The 4^th component contains the pair

*^#(x,s(y))

→

*^#(x,y)

(22)

1.1.4 Reduction Pair Processor with Usable Rules

Using the Max-polynomial interpretation

[s(x₁)]	=	x₁ + 1
[pow(x₁, x₂)]	=	0
[false]	=	0
[*^#(x₁, x₂)]	=	x₂ + 0
[half^#(x₁)]	=	0
[true]	=	0
[pow^#(x₁, x₂)]	=	0
[f(x₁, x₂, x₃)]	=	0
[half(x₁)]	=	1
[0]	=	2
[if(x₁, x₂, x₃)]	=	0
[-(x₁, x₂)]	=	0
[f^#(x₁, x₂, x₃)]	=	0
[odd^#(x₁)]	=	0
[odd(x₁)]	=	0
[-^#(x₁, x₂)]	=	0
[if^#(x₁, x₂, x₃)]	=	0
[+(x₁, x₂)]	=	x₁ + 1
[*(x₁, x₂)]	=	1

having no usable rules (w.r.t. the implicit argument filter of the reduction pair), the pair

*^#(x,s(y))

→

*^#(x,y)

(22)

could be deleted.

1.1.4.1 Dependency Graph Processor

The dependency pairs are split into 0 components.

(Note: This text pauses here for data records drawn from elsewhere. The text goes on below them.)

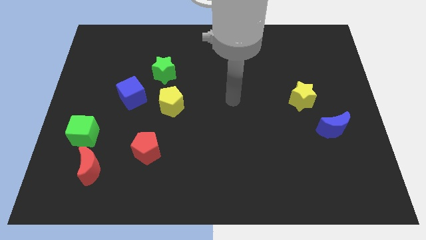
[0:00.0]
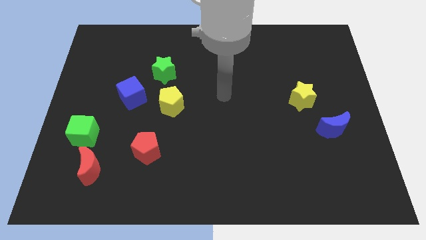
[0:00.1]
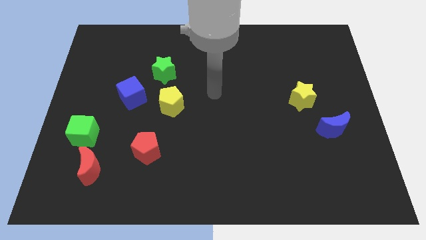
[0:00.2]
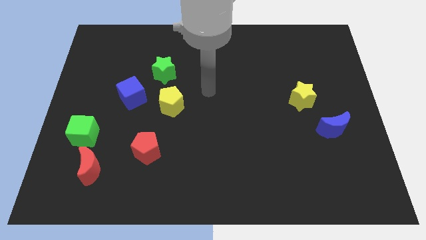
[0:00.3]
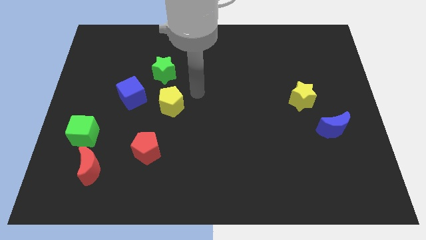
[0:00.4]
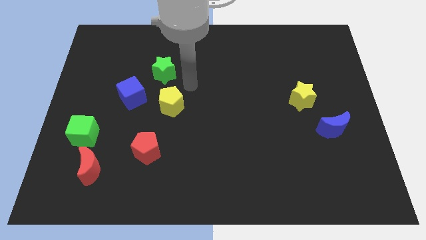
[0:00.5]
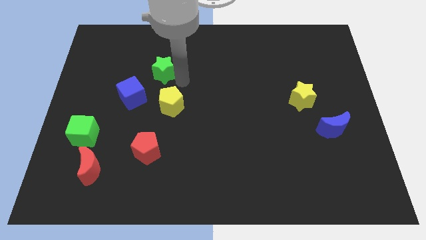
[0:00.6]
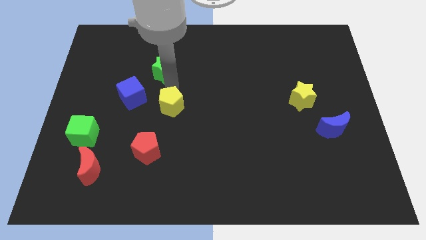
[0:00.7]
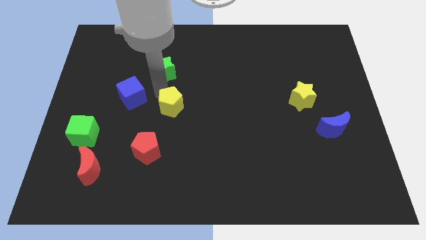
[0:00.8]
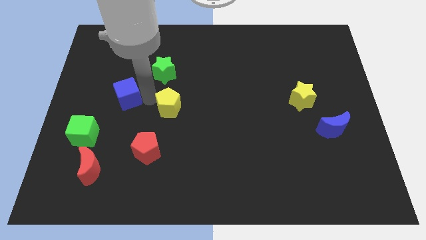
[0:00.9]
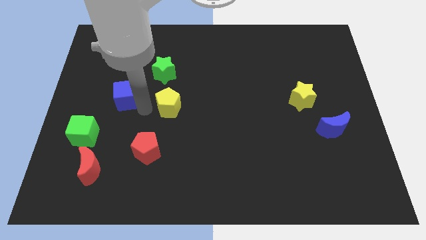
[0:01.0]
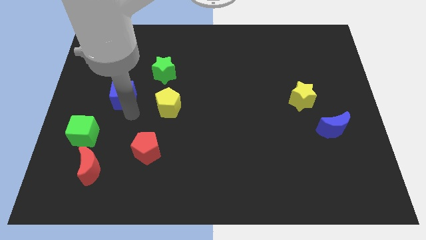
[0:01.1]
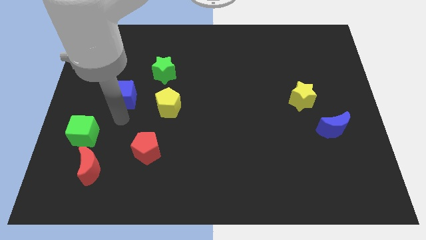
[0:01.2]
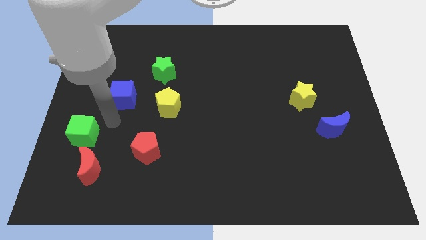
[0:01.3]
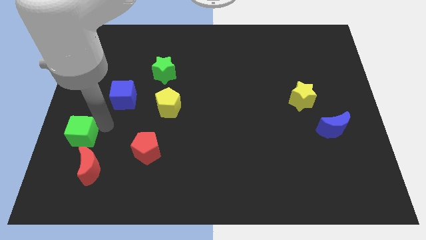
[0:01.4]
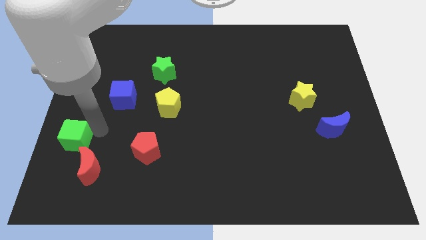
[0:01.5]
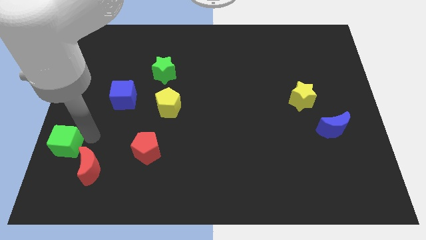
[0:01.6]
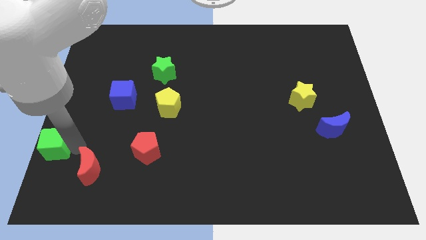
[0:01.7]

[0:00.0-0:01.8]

The 5^th component contains the pair

odd^#(s(s(x)))

→

odd^#(x)

(18)

1.1.5 Reduction Pair Processor with Usable Rules

Using the Max-polynomial interpretation

[s(x₁)]	=	x₁ + 1
[pow(x₁, x₂)]	=	0
[false]	=	0
[*^#(x₁, x₂)]	=	0
[half^#(x₁)]	=	0
[true]	=	0
[pow^#(x₁, x₂)]	=	0
[f(x₁, x₂, x₃)]	=	0
[half(x₁)]	=	1
[0]	=	2
[if(x₁, x₂, x₃)]	=	0
[-(x₁, x₂)]	=	0
[f^#(x₁, x₂, x₃)]	=	0
[odd^#(x₁)]	=	x₁ + 0
[odd(x₁)]	=	0
[-^#(x₁, x₂)]	=	0
[if^#(x₁, x₂, x₃)]	=	0
[+(x₁, x₂)]	=	x₁ + 1
[*(x₁, x₂)]	=	1

having no usable rules (w.r.t. the implicit argument filter of the reduction pair), the pair

odd^#(s(s(x)))

→

odd^#(x)

(18)

could be deleted.

1.1.5.1 Dependency Graph Processor

The dependency pairs are split into 0 components.